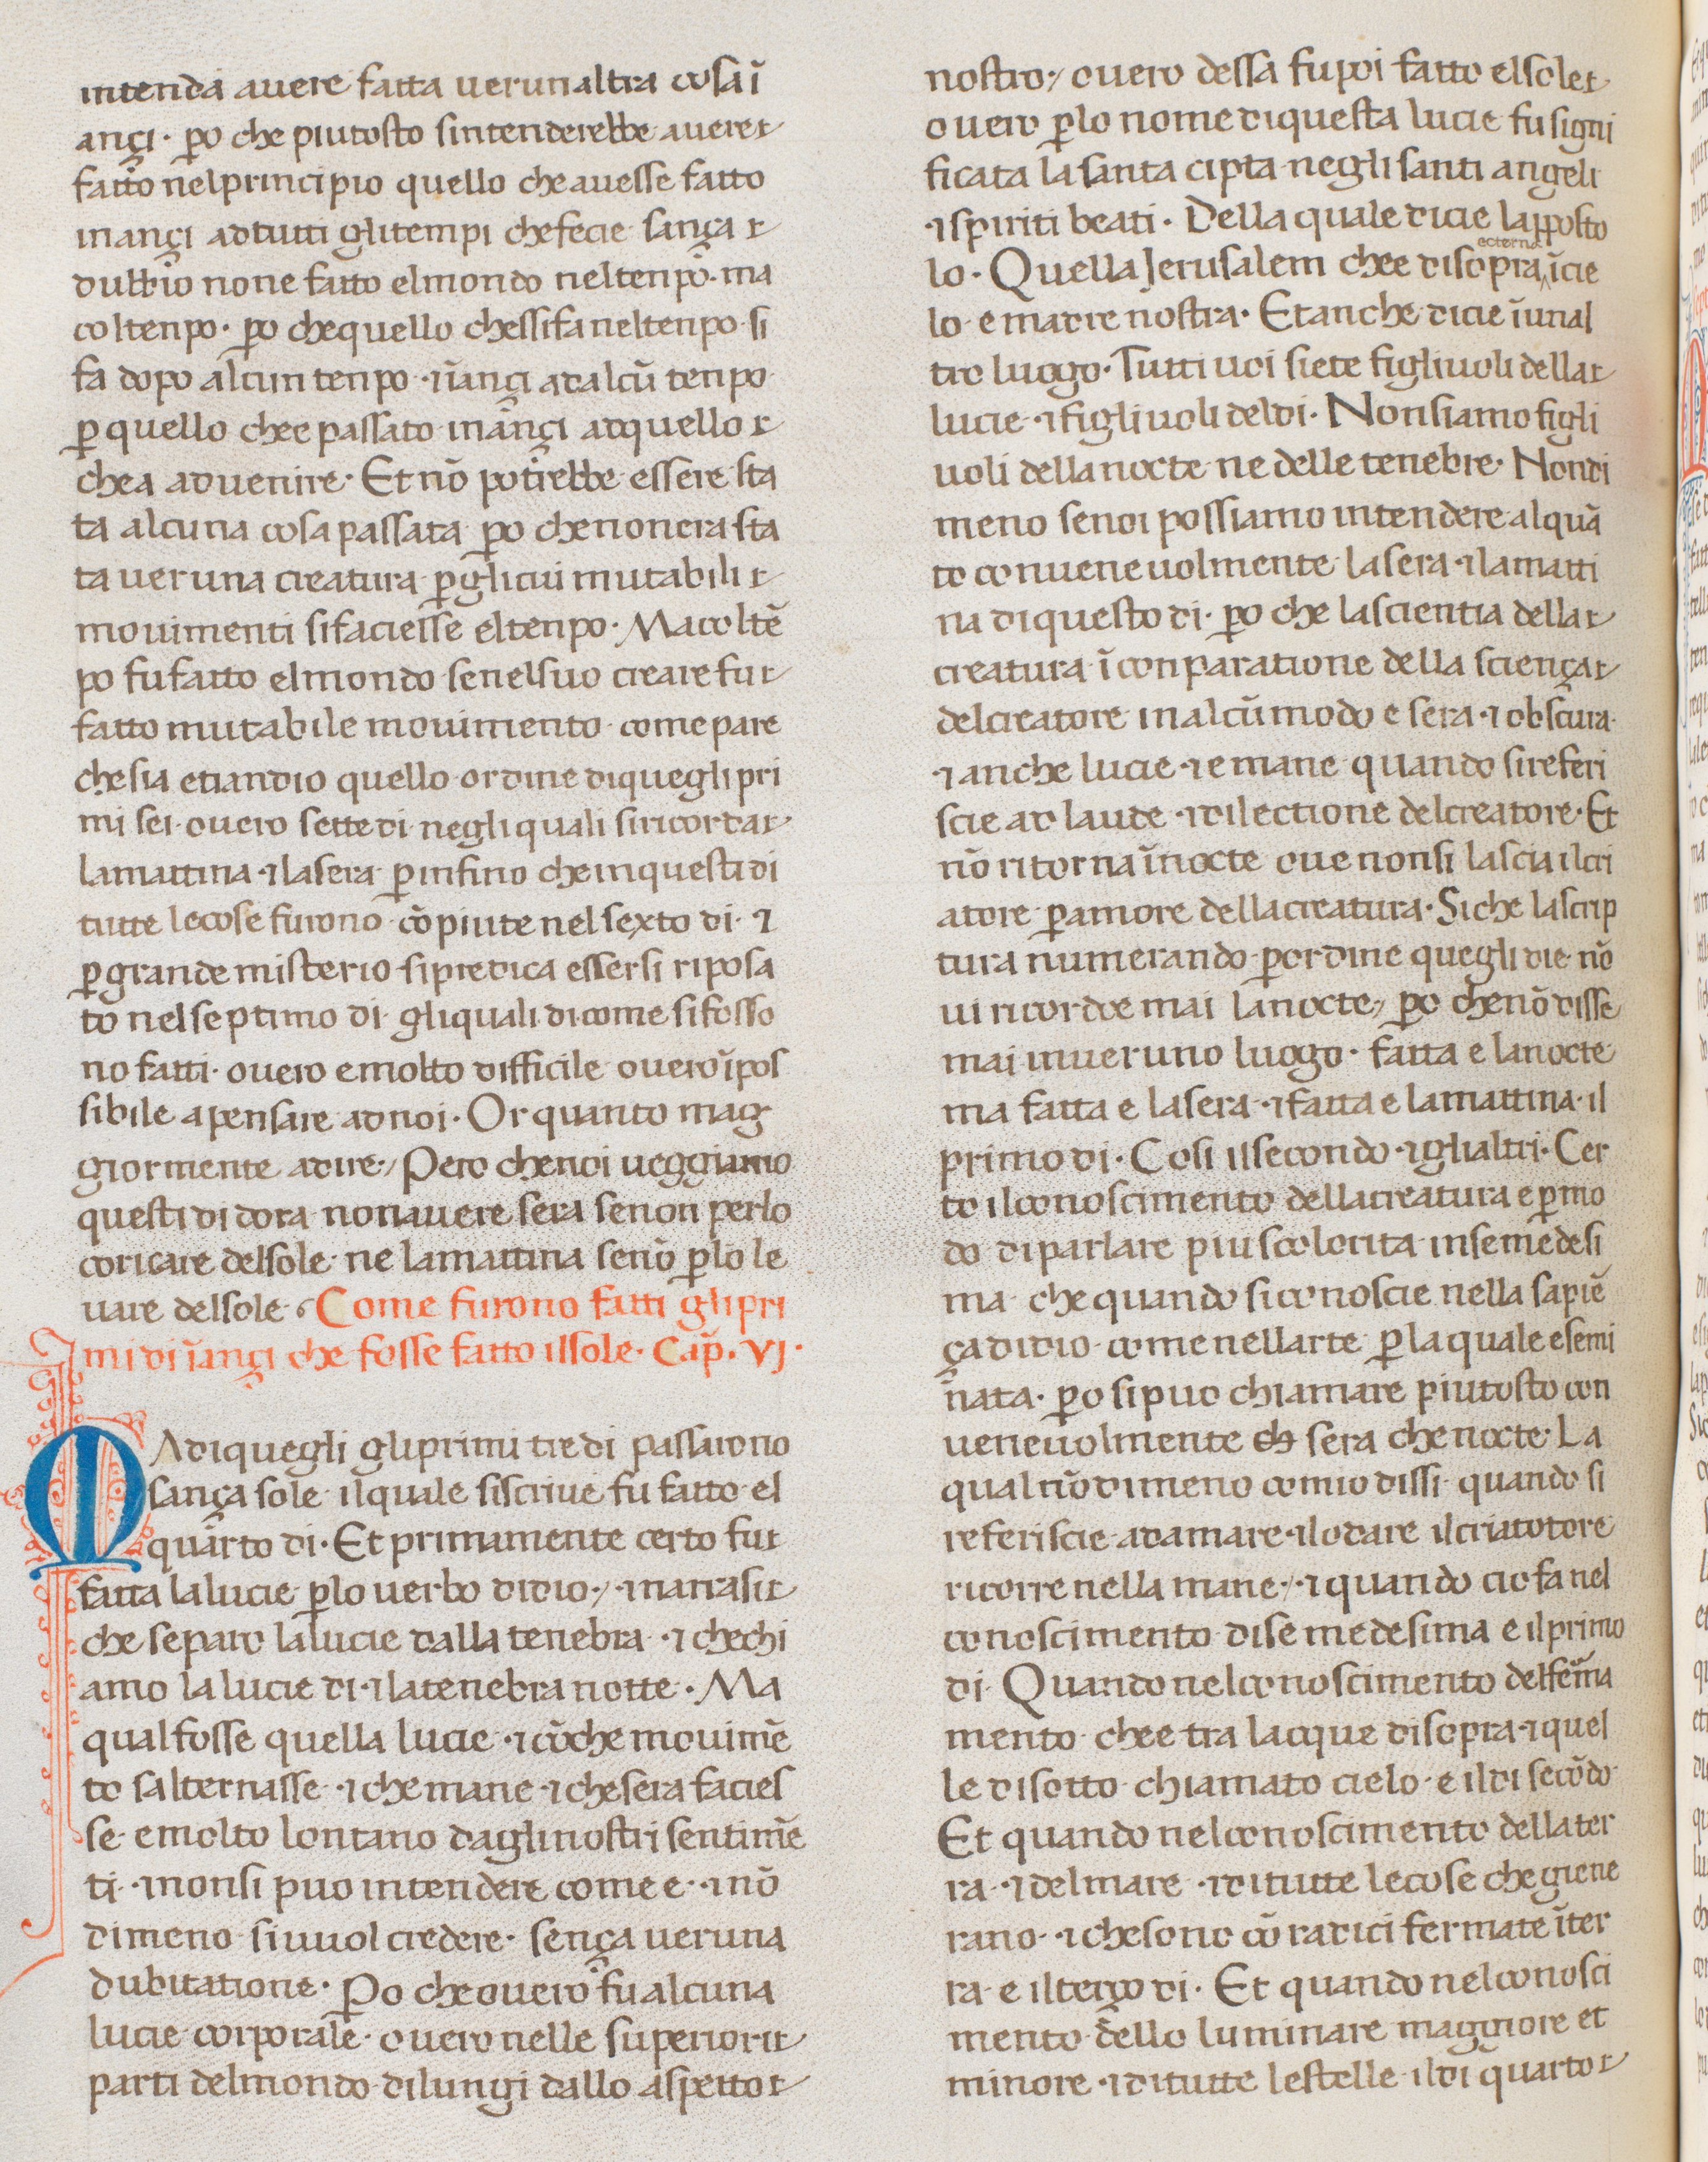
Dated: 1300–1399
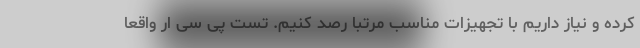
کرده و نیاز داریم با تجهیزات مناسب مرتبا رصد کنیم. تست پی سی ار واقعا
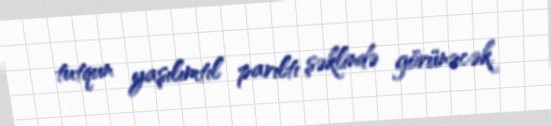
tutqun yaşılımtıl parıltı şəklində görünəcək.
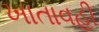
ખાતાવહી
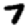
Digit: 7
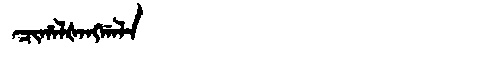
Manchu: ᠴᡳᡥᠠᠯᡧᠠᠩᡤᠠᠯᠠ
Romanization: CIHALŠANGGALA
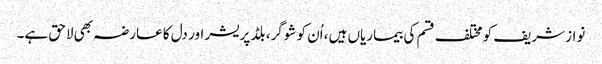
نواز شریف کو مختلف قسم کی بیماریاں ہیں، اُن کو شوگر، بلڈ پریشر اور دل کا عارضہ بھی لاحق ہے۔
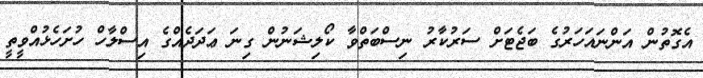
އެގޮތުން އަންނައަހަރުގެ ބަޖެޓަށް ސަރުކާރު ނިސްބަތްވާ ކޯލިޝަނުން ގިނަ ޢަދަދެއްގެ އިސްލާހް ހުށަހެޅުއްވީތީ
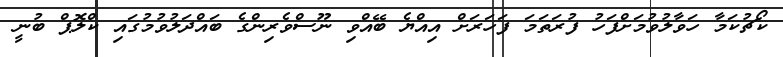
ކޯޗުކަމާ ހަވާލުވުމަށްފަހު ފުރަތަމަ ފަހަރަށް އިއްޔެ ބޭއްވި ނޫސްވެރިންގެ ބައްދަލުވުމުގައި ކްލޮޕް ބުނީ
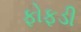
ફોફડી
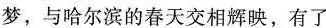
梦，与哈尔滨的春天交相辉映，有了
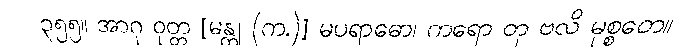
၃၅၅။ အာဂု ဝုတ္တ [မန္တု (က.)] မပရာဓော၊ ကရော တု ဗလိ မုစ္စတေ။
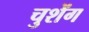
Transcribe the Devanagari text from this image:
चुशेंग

## ABOUT THIS EXERCISE
Each line from the one with "نواز شریف کو" to the end of the material needs to be output word for word, with no picture included.

## SOLUTION FOR THIS EXERCISE
نواز شریف کو مختلف قسم کی بیماریاں ہیں، اُن کو شوگر، بلڈ پریشر اور دل کا عارضہ بھی لاحق ہے۔
އެގޮތުން އަންނައަހަރުގެ ބަޖެޓަށް ސަރުކާރު ނިސްބަތްވާ ކޯލިޝަނުން ގިނަ ޢަދަދެއްގެ އިސްލާހް ހުށަހެޅުއްވީތީ
ކޯޗުކަމާ ހަވާލުވުމަށްފަހު ފުރަތަމަ ފަހަރަށް އިއްޔެ ބޭއްވި ނޫސްވެރިންގެ ބައްދަލުވުމުގައި ކްލޮޕް ބުނީ
ફોફડી
梦，与哈尔滨的春天交相辉映，有了
၃၅၅။ အာဂု ဝုတ္တ [မန္တု (က.)] မပရာဓော၊ ကရော တု ဗလိ မုစ္စတေ။
Transcribe the Devanagari text from this image:
चुशेंग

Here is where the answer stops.